Yet, as both CEOs face shareholders for annual meetings Tuesday, it is Barra who must explain to skeptical investors why GM’s future is as bright as Tesla’s.

 

GM’s stock is trading around the $33 price of its initial public offering seven years ago. During that time, Tesla shares have soared more than tenfold to $335. Wall Street now values Tesla at about $55 billion, compared to around $50 billion for GM.

 

Despite efforts to paint themselves as technology companies, automakers can’t shake their giant, capital-intensive global manufacturing operations. The huge investment needed to build vehicles yields low profit margins compared with tech companies that make software or cell phones, says Michael Ramsey, an analyst with Gartner. GM’s net profit margin in 2016 was 5.7 percent. By comparison, Alphabet Inc., parent of Google, had a 22 percent margin.

 

Although it’s an automaker, Tesla started in the tech bucket and remains there in the eyes of investors and buyers, Ramsey says.

 

Tesla’s electric cars are the envy of the industry, and its semi-autonomous technology is among the most advanced on the road. Musk says Tesla’s California assembly plant – which used to be GM’s – will soon be among the most efficient in the world. And it’s branching into areas with potential for bigger returns, including solar panels, energy storage and trucking.

Tesla is absurdly overvalued if based on the past, but that’s irrelevant.
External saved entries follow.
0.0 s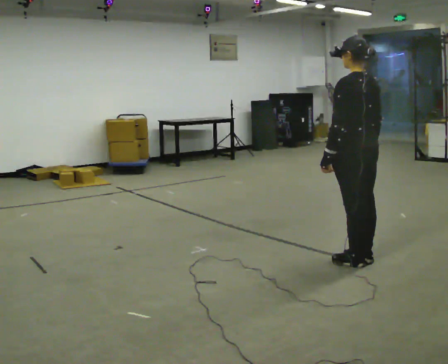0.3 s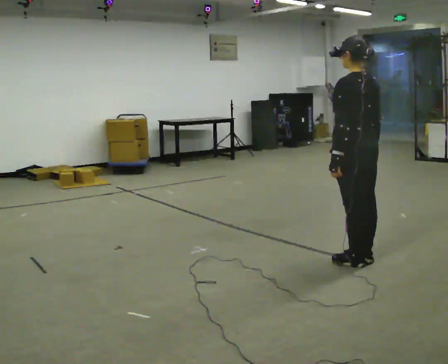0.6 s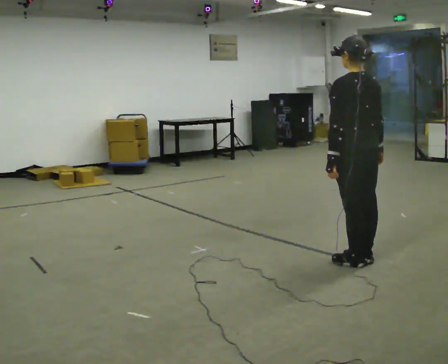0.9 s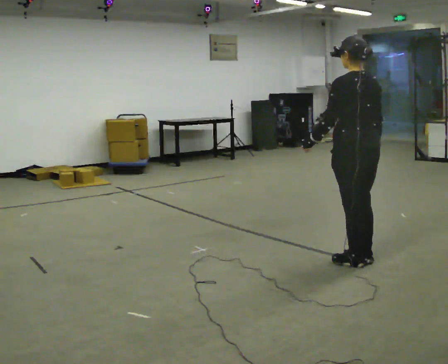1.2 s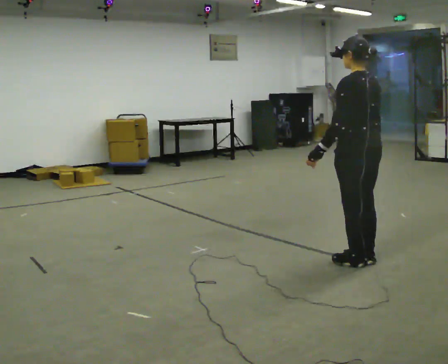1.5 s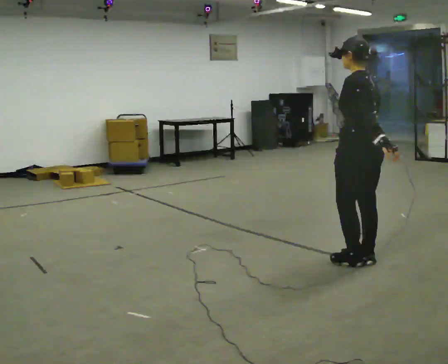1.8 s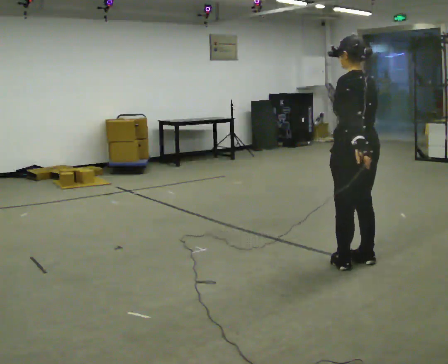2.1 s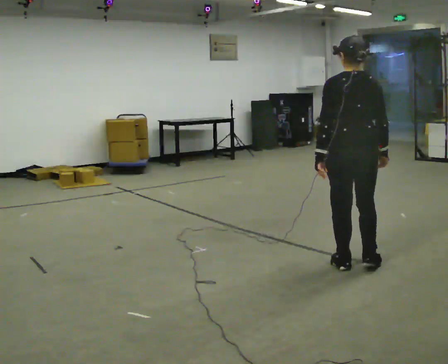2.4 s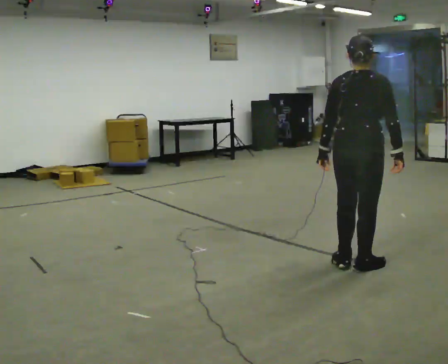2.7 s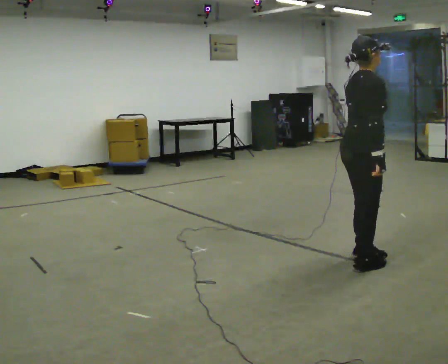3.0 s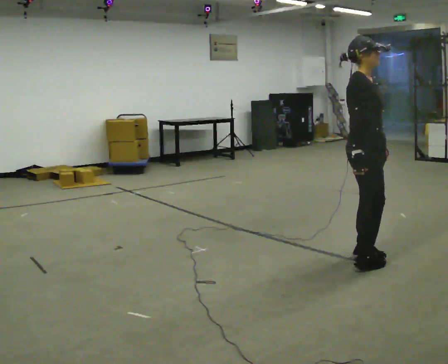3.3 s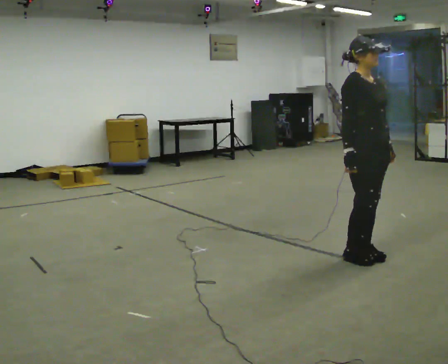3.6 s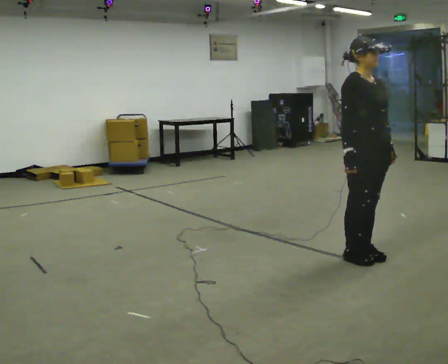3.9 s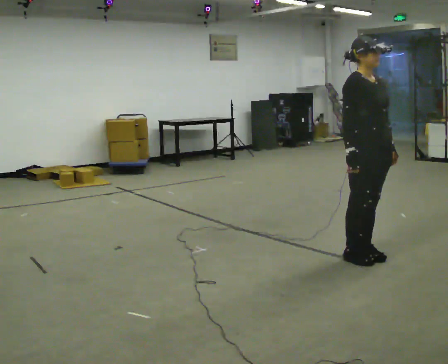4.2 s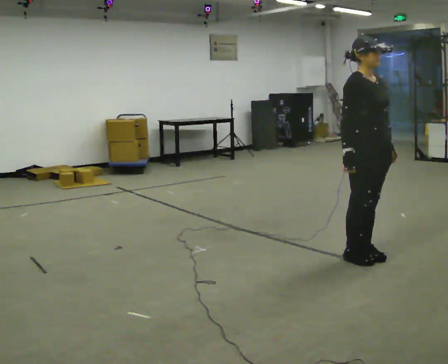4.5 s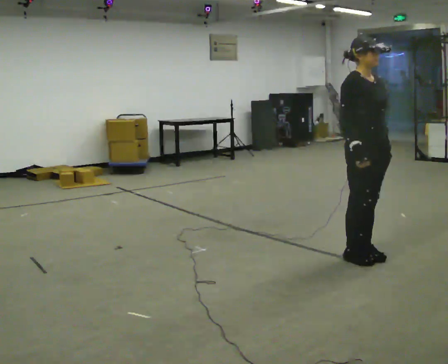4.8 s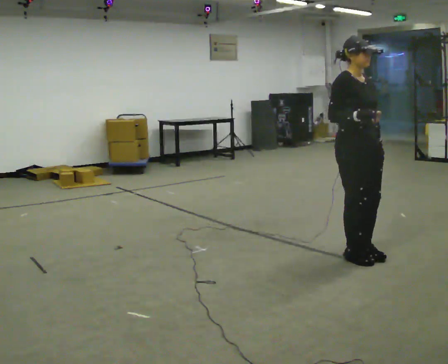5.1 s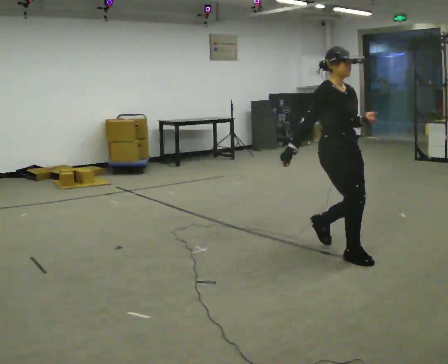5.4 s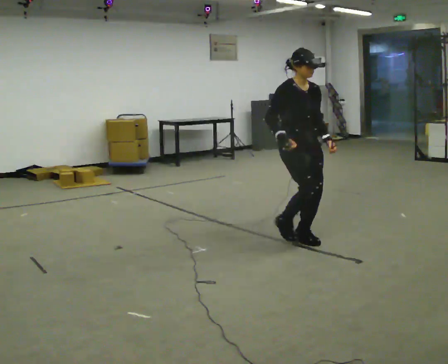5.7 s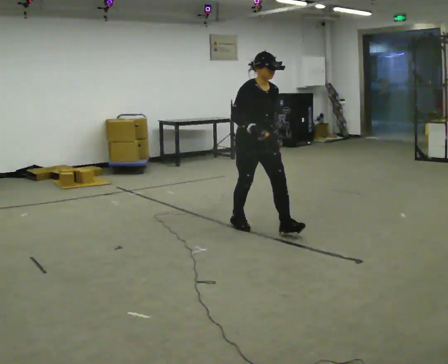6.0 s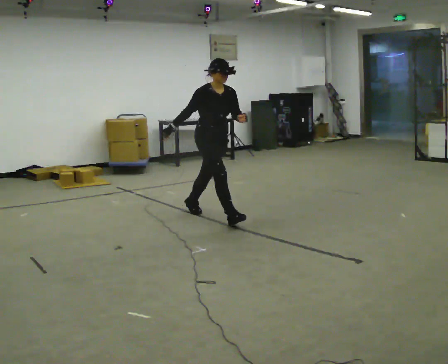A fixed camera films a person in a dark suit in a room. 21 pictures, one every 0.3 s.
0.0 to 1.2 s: The person moves a little, or ends about where they began.
1.2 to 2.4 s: The person turns about 75 degrees to their right, clockwise seen from above, so the part of the body nearest the lens slides to the left.
2.4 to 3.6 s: Seen from above the body turns clockwise, about 105 degrees: to their right, with its near side sliding to the left. In the picture they go away from the camera, about 0.25 m in 1 step. In the picture their left hand goes to the right, the arm swinging counterclockwise.
3.6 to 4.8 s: The person moves a little, or ends about where they began.
4.8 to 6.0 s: In the picture they go to the left and away from the camera, about 1.5 m in 4 steps, which for them is backward.
The film runs backward here.

A stock price represents risk-adjusted future cash flows,” Musk tweeted in April.

 

Still, Musk can’t risk any missteps as Tesla pivots from a niche manufacturer of 84,000 high-priced cars per year. The Model 3 sedan, Tesla’s first mainstream car, is due out later this year, but previous launches have been plagued with delays. Tesla has yet to prove it can build high-volume vehicles with quality and reliability, as GM does. Musk aims to make 500,000 vehicles per year in 2018; GM made more than 10 million cars and trucks last year.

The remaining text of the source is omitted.